Problem: Could you repeat the records below exactly, leaving the pictures out?

(Collected data)
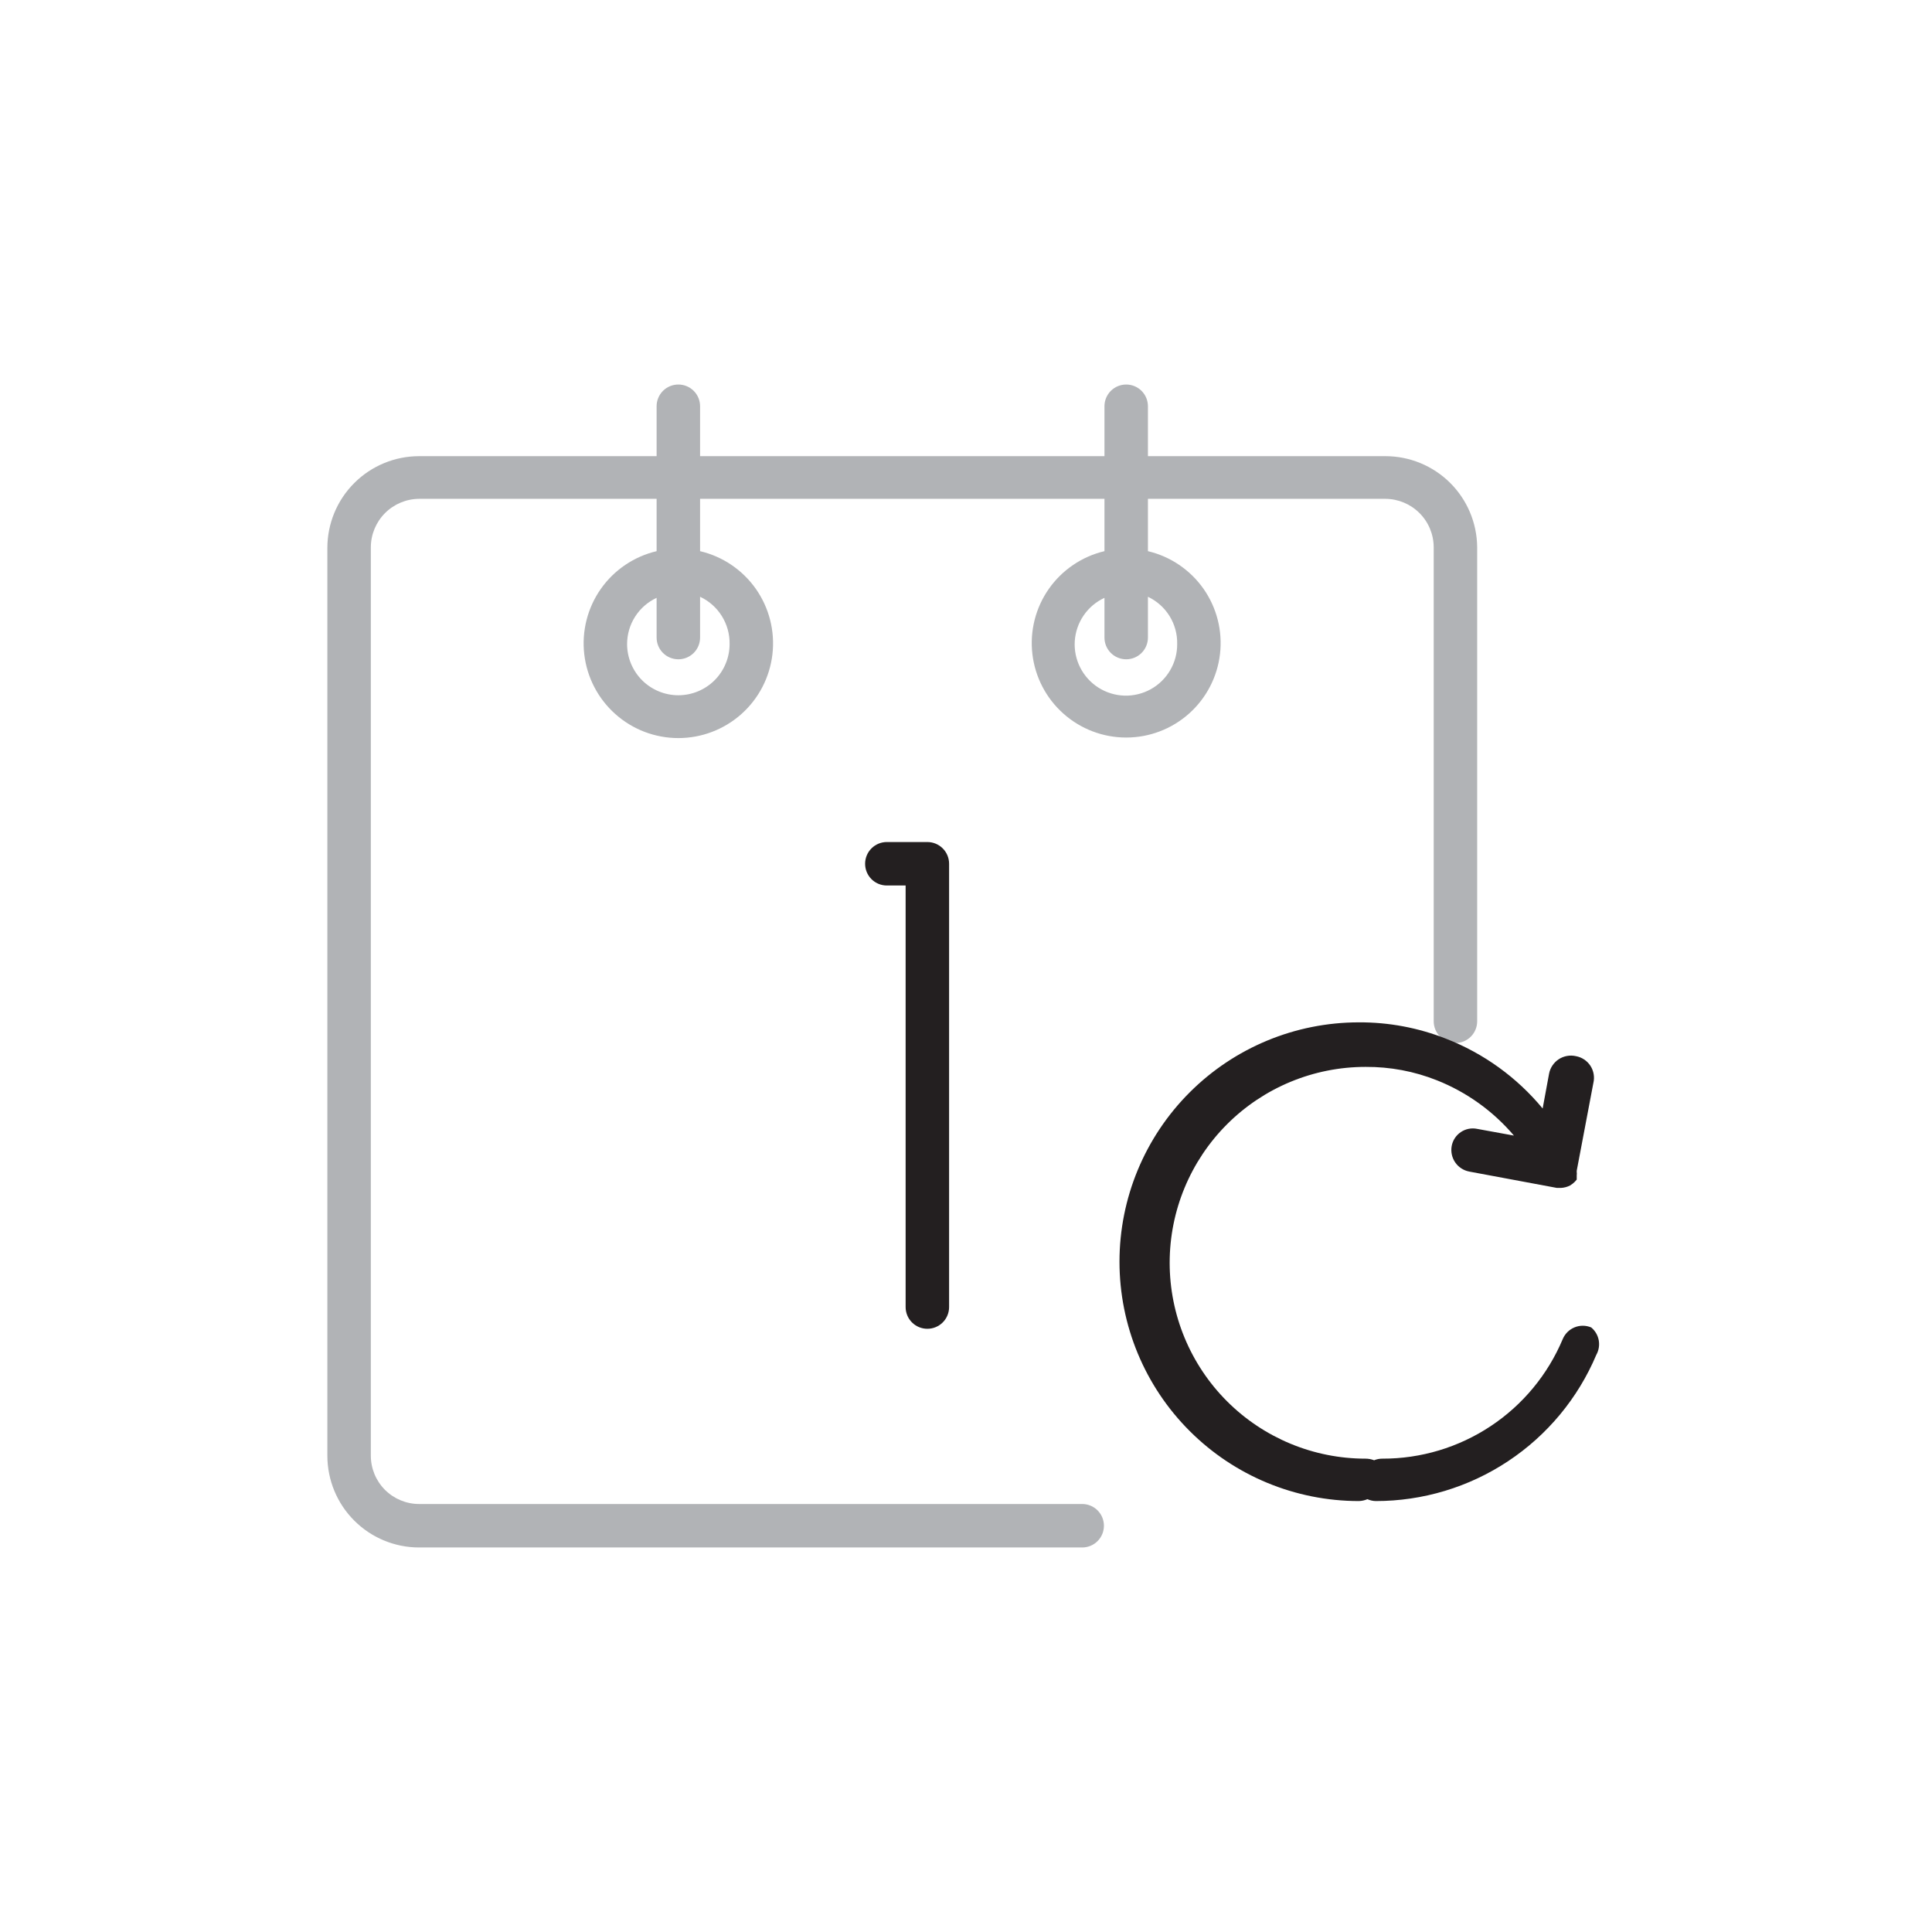<svg width="72" height="72" viewBox="0 0 72 72" fill="none" xmlns="http://www.w3.org/2000/svg">
	<path d="M51.63 17H42.78V15.14C42.78 14.925 42.695 14.719 42.543 14.567C42.391 14.415 42.185 14.33 41.97 14.33C41.755 14.33 41.549 14.415 41.397 14.567C41.245 14.719 41.16 14.925 41.16 15.14V17H26.09V15.14C26.09 14.925 26.005 14.719 25.853 14.567C25.701 14.415 25.495 14.33 25.28 14.33C25.065 14.33 24.859 14.415 24.707 14.567C24.555 14.719 24.47 14.925 24.47 15.14V17H15.62C14.713 17 13.843 17.36 13.202 18.002C12.56 18.643 12.2 19.513 12.2 20.42V54.25C12.2 55.157 12.56 56.027 13.202 56.668C13.843 57.31 14.713 57.67 15.62 57.67H40.33C40.545 57.67 40.751 57.585 40.903 57.433C41.055 57.281 41.14 57.075 41.14 56.86C41.14 56.645 41.055 56.439 40.903 56.287C40.751 56.135 40.545 56.05 40.33 56.05H15.62C15.143 56.05 14.685 55.86 14.347 55.523C14.01 55.185 13.82 54.727 13.82 54.25V20.39C13.823 19.913 14.013 19.457 14.35 19.12C14.687 18.783 15.143 18.593 15.62 18.59H24.47V20.54C23.628 20.739 22.887 21.24 22.39 21.948C21.893 22.657 21.674 23.524 21.774 24.384C21.874 25.243 22.286 26.037 22.933 26.612C23.579 27.188 24.414 27.506 25.28 27.506C26.146 27.506 26.981 27.188 27.628 26.612C28.274 26.037 28.686 25.243 28.786 24.384C28.886 23.524 28.667 22.657 28.17 21.948C27.673 21.24 26.933 20.739 26.09 20.54V18.59H41.16V20.54C40.32 20.739 39.583 21.239 39.087 21.945C38.592 22.652 38.374 23.516 38.474 24.373C38.574 25.23 38.985 26.021 39.63 26.595C40.274 27.169 41.107 27.486 41.97 27.486C42.833 27.486 43.666 27.169 44.31 26.595C44.955 26.021 45.366 25.23 45.466 24.373C45.566 23.516 45.348 22.652 44.853 21.945C44.357 21.239 43.62 20.739 42.78 20.54V18.59H51.63C52.107 18.593 52.563 18.783 52.9 19.12C53.237 19.457 53.427 19.913 53.43 20.39V38.06C53.43 38.275 53.515 38.481 53.667 38.633C53.819 38.785 54.025 38.87 54.24 38.87C54.455 38.87 54.661 38.785 54.813 38.633C54.965 38.481 55.05 38.275 55.05 38.06V20.39C55.042 19.488 54.678 18.626 54.038 17.991C53.397 17.356 52.532 17 51.63 17ZM27.19 24C27.19 24.507 26.989 24.992 26.631 25.351C26.272 25.709 25.787 25.91 25.28 25.91C24.773 25.91 24.288 25.709 23.929 25.351C23.571 24.992 23.37 24.507 23.37 24C23.371 23.638 23.474 23.284 23.669 22.98C23.864 22.675 24.142 22.432 24.47 22.28V23.76C24.47 23.975 24.555 24.181 24.707 24.333C24.859 24.485 25.065 24.57 25.28 24.57C25.495 24.57 25.701 24.485 25.853 24.333C26.005 24.181 26.09 23.975 26.09 23.76V22.24C26.424 22.396 26.705 22.645 26.9 22.958C27.095 23.27 27.196 23.632 27.19 24ZM43.87 24C43.873 24.343 43.783 24.681 43.609 24.977C43.436 25.274 43.187 25.518 42.886 25.685C42.586 25.851 42.247 25.934 41.904 25.924C41.56 25.913 41.226 25.811 40.937 25.627C40.647 25.443 40.412 25.184 40.257 24.878C40.101 24.572 40.031 24.23 40.054 23.887C40.077 23.545 40.192 23.215 40.386 22.932C40.581 22.649 40.848 22.424 41.16 22.28V23.76C41.16 23.975 41.245 24.181 41.397 24.333C41.549 24.485 41.755 24.57 41.97 24.57C42.185 24.57 42.391 24.485 42.543 24.333C42.695 24.181 42.78 23.975 42.78 23.76V22.24C43.112 22.397 43.392 22.646 43.586 22.959C43.779 23.271 43.878 23.633 43.87 24Z" fill="#B1B3B6"/>
	<path d="M59.3 49.47C59.102 49.387 58.88 49.385 58.681 49.466C58.482 49.547 58.324 49.703 58.24 49.9C57.685 51.224 56.751 52.354 55.555 53.147C54.359 53.941 52.955 54.363 51.52 54.36C51.414 54.359 51.308 54.379 51.21 54.42C51.108 54.38 50.999 54.36 50.89 54.36C48.954 54.36 47.097 53.591 45.728 52.222C44.359 50.853 43.59 48.996 43.59 47.06C43.59 45.124 44.359 43.267 45.728 41.898C47.097 40.529 48.954 39.76 50.89 39.76C51.801 39.754 52.704 39.923 53.55 40.26C54.661 40.702 55.646 41.409 56.42 42.32L55.05 42.07C54.946 42.048 54.838 42.048 54.733 42.068C54.628 42.089 54.529 42.13 54.44 42.19C54.352 42.249 54.276 42.326 54.217 42.416C54.159 42.505 54.119 42.605 54.1 42.71C54.062 42.922 54.109 43.141 54.23 43.318C54.352 43.496 54.539 43.619 54.75 43.66L58.02 44.27H58.17C58.288 44.265 58.404 44.234 58.51 44.18C58.576 44.142 58.636 44.094 58.69 44.04L58.76 43.96V43.9C58.76 43.9 58.76 43.83 58.76 43.8C58.766 43.76 58.766 43.72 58.76 43.68C58.76 43.68 58.76 43.68 58.76 43.63L59.38 40.36C59.406 40.252 59.41 40.139 59.391 40.029C59.373 39.919 59.331 39.813 59.271 39.72C59.21 39.626 59.13 39.546 59.037 39.484C58.944 39.422 58.84 39.38 58.73 39.36C58.621 39.335 58.509 39.332 58.4 39.352C58.29 39.371 58.185 39.413 58.092 39.473C57.999 39.534 57.919 39.613 57.857 39.705C57.794 39.797 57.751 39.901 57.73 40.01L57.49 41.31C56.531 40.151 55.292 39.256 53.89 38.71C52.855 38.301 51.752 38.094 50.64 38.1C48.274 38.1 46.005 39.04 44.333 40.713C42.66 42.386 41.72 44.654 41.72 47.02C41.72 49.386 42.66 51.655 44.333 53.327C46.005 55 48.274 55.94 50.64 55.94C50.75 55.937 50.859 55.913 50.96 55.87C51.057 55.914 51.163 55.938 51.27 55.94C53.024 55.941 54.74 55.424 56.202 54.454C57.664 53.485 58.808 52.106 59.49 50.49C59.583 50.325 59.614 50.132 59.58 49.946C59.545 49.759 59.446 49.591 59.3 49.47Z" fill="#231F20"/>
	<path d="M34.56 49.52C34.345 49.52 34.139 49.435 33.987 49.283C33.835 49.131 33.75 48.925 33.75 48.71V33H33.05C32.835 33 32.629 32.915 32.477 32.763C32.325 32.611 32.24 32.405 32.24 32.19C32.24 31.975 32.325 31.769 32.477 31.617C32.629 31.465 32.835 31.38 33.05 31.38H34.56C34.775 31.38 34.981 31.465 35.133 31.617C35.285 31.769 35.37 31.975 35.37 32.19V48.71C35.37 48.925 35.285 49.131 35.133 49.283C34.981 49.435 34.775 49.52 34.56 49.52Z" fill="#231F20"/>
</svg>

Solution for this task:
<svg width="72" height="72" viewBox="0 0 72 72" fill="none" xmlns="http://www.w3.org/2000/svg">
	<path d="M51.63 17H42.78V15.14C42.78 14.925 42.695 14.719 42.543 14.567C42.391 14.415 42.185 14.33 41.97 14.33C41.755 14.33 41.549 14.415 41.397 14.567C41.245 14.719 41.16 14.925 41.16 15.14V17H26.09V15.14C26.09 14.925 26.005 14.719 25.853 14.567C25.701 14.415 25.495 14.33 25.28 14.33C25.065 14.33 24.859 14.415 24.707 14.567C24.555 14.719 24.47 14.925 24.47 15.14V17H15.62C14.713 17 13.843 17.36 13.202 18.002C12.56 18.643 12.2 19.513 12.2 20.42V54.25C12.2 55.157 12.56 56.027 13.202 56.668C13.843 57.31 14.713 57.67 15.62 57.67H40.33C40.545 57.67 40.751 57.585 40.903 57.433C41.055 57.281 41.14 57.075 41.14 56.86C41.14 56.645 41.055 56.439 40.903 56.287C40.751 56.135 40.545 56.05 40.33 56.05H15.62C15.143 56.05 14.685 55.86 14.347 55.523C14.01 55.185 13.82 54.727 13.82 54.25V20.39C13.823 19.913 14.013 19.457 14.35 19.12C14.687 18.783 15.143 18.593 15.62 18.59H24.47V20.54C23.628 20.739 22.887 21.24 22.39 21.948C21.893 22.657 21.674 23.524 21.774 24.384C21.874 25.243 22.286 26.037 22.933 26.612C23.579 27.188 24.414 27.506 25.28 27.506C26.146 27.506 26.981 27.188 27.628 26.612C28.274 26.037 28.686 25.243 28.786 24.384C28.886 23.524 28.667 22.657 28.17 21.948C27.673 21.24 26.933 20.739 26.09 20.54V18.59H41.16V20.54C40.32 20.739 39.583 21.239 39.087 21.945C38.592 22.652 38.374 23.516 38.474 24.373C38.574 25.23 38.985 26.021 39.63 26.595C40.274 27.169 41.107 27.486 41.97 27.486C42.833 27.486 43.666 27.169 44.31 26.595C44.955 26.021 45.366 25.23 45.466 24.373C45.566 23.516 45.348 22.652 44.853 21.945C44.357 21.239 43.62 20.739 42.78 20.54V18.59H51.63C52.107 18.593 52.563 18.783 52.9 19.12C53.237 19.457 53.427 19.913 53.43 20.39V38.06C53.43 38.275 53.515 38.481 53.667 38.633C53.819 38.785 54.025 38.87 54.24 38.87C54.455 38.87 54.661 38.785 54.813 38.633C54.965 38.481 55.05 38.275 55.05 38.06V20.39C55.042 19.488 54.678 18.626 54.038 17.991C53.397 17.356 52.532 17 51.63 17ZM27.19 24C27.19 24.507 26.989 24.992 26.631 25.351C26.272 25.709 25.787 25.91 25.28 25.91C24.773 25.91 24.288 25.709 23.929 25.351C23.571 24.992 23.37 24.507 23.37 24C23.371 23.638 23.474 23.284 23.669 22.98C23.864 22.675 24.142 22.432 24.47 22.28V23.76C24.47 23.975 24.555 24.181 24.707 24.333C24.859 24.485 25.065 24.57 25.28 24.57C25.495 24.57 25.701 24.485 25.853 24.333C26.005 24.181 26.09 23.975 26.09 23.76V22.24C26.424 22.396 26.705 22.645 26.9 22.958C27.095 23.27 27.196 23.632 27.19 24ZM43.87 24C43.873 24.343 43.783 24.681 43.609 24.977C43.436 25.274 43.187 25.518 42.886 25.685C42.586 25.851 42.247 25.934 41.904 25.924C41.56 25.913 41.226 25.811 40.937 25.627C40.647 25.443 40.412 25.184 40.257 24.878C40.101 24.572 40.031 24.23 40.054 23.887C40.077 23.545 40.192 23.215 40.386 22.932C40.581 22.649 40.848 22.424 41.16 22.28V23.76C41.16 23.975 41.245 24.181 41.397 24.333C41.549 24.485 41.755 24.57 41.97 24.57C42.185 24.57 42.391 24.485 42.543 24.333C42.695 24.181 42.78 23.975 42.78 23.76V22.24C43.112 22.397 43.392 22.646 43.586 22.959C43.779 23.271 43.878 23.633 43.87 24Z" fill="#B1B3B6"/>
	<path d="M59.3 49.47C59.102 49.387 58.88 49.385 58.681 49.466C58.482 49.547 58.324 49.703 58.24 49.9C57.685 51.224 56.751 52.354 55.555 53.147C54.359 53.941 52.955 54.363 51.52 54.36C51.414 54.359 51.308 54.379 51.21 54.42C51.108 54.38 50.999 54.36 50.89 54.36C48.954 54.36 47.097 53.591 45.728 52.222C44.359 50.853 43.59 48.996 43.59 47.06C43.59 45.124 44.359 43.267 45.728 41.898C47.097 40.529 48.954 39.76 50.89 39.76C51.801 39.754 52.704 39.923 53.55 40.26C54.661 40.702 55.646 41.409 56.42 42.32L55.05 42.07C54.946 42.048 54.838 42.048 54.733 42.068C54.628 42.089 54.529 42.13 54.44 42.19C54.352 42.249 54.276 42.326 54.217 42.416C54.159 42.505 54.119 42.605 54.1 42.71C54.062 42.922 54.109 43.141 54.23 43.318C54.352 43.496 54.539 43.619 54.75 43.66L58.02 44.27H58.17C58.288 44.265 58.404 44.234 58.51 44.18C58.576 44.142 58.636 44.094 58.69 44.04L58.76 43.96V43.9C58.76 43.9 58.76 43.83 58.76 43.8C58.766 43.76 58.766 43.72 58.76 43.68C58.76 43.68 58.76 43.68 58.76 43.63L59.38 40.36C59.406 40.252 59.41 40.139 59.391 40.029C59.373 39.919 59.331 39.813 59.271 39.72C59.21 39.626 59.13 39.546 59.037 39.484C58.944 39.422 58.84 39.38 58.73 39.36C58.621 39.335 58.509 39.332 58.4 39.352C58.29 39.371 58.185 39.413 58.092 39.473C57.999 39.534 57.919 39.613 57.857 39.705C57.794 39.797 57.751 39.901 57.73 40.01L57.49 41.31C56.531 40.151 55.292 39.256 53.89 38.71C52.855 38.301 51.752 38.094 50.64 38.1C48.274 38.1 46.005 39.04 44.333 40.713C42.66 42.386 41.72 44.654 41.72 47.02C41.72 49.386 42.66 51.655 44.333 53.327C46.005 55 48.274 55.94 50.64 55.94C50.75 55.937 50.859 55.913 50.96 55.87C51.057 55.914 51.163 55.938 51.27 55.94C53.024 55.941 54.74 55.424 56.202 54.454C57.664 53.485 58.808 52.106 59.49 50.49C59.583 50.325 59.614 50.132 59.58 49.946C59.545 49.759 59.446 49.591 59.3 49.47Z" fill="#231F20"/>
	<path d="M34.56 49.52C34.345 49.52 34.139 49.435 33.987 49.283C33.835 49.131 33.75 48.925 33.75 48.71V33H33.05C32.835 33 32.629 32.915 32.477 32.763C32.325 32.611 32.24 32.405 32.24 32.19C32.24 31.975 32.325 31.769 32.477 31.617C32.629 31.465 32.835 31.38 33.05 31.38H34.56C34.775 31.38 34.981 31.465 35.133 31.617C35.285 31.769 35.37 31.975 35.37 32.19V48.71C35.37 48.925 35.285 49.131 35.133 49.283C34.981 49.435 34.775 49.52 34.56 49.52Z" fill="#231F20"/>
</svg>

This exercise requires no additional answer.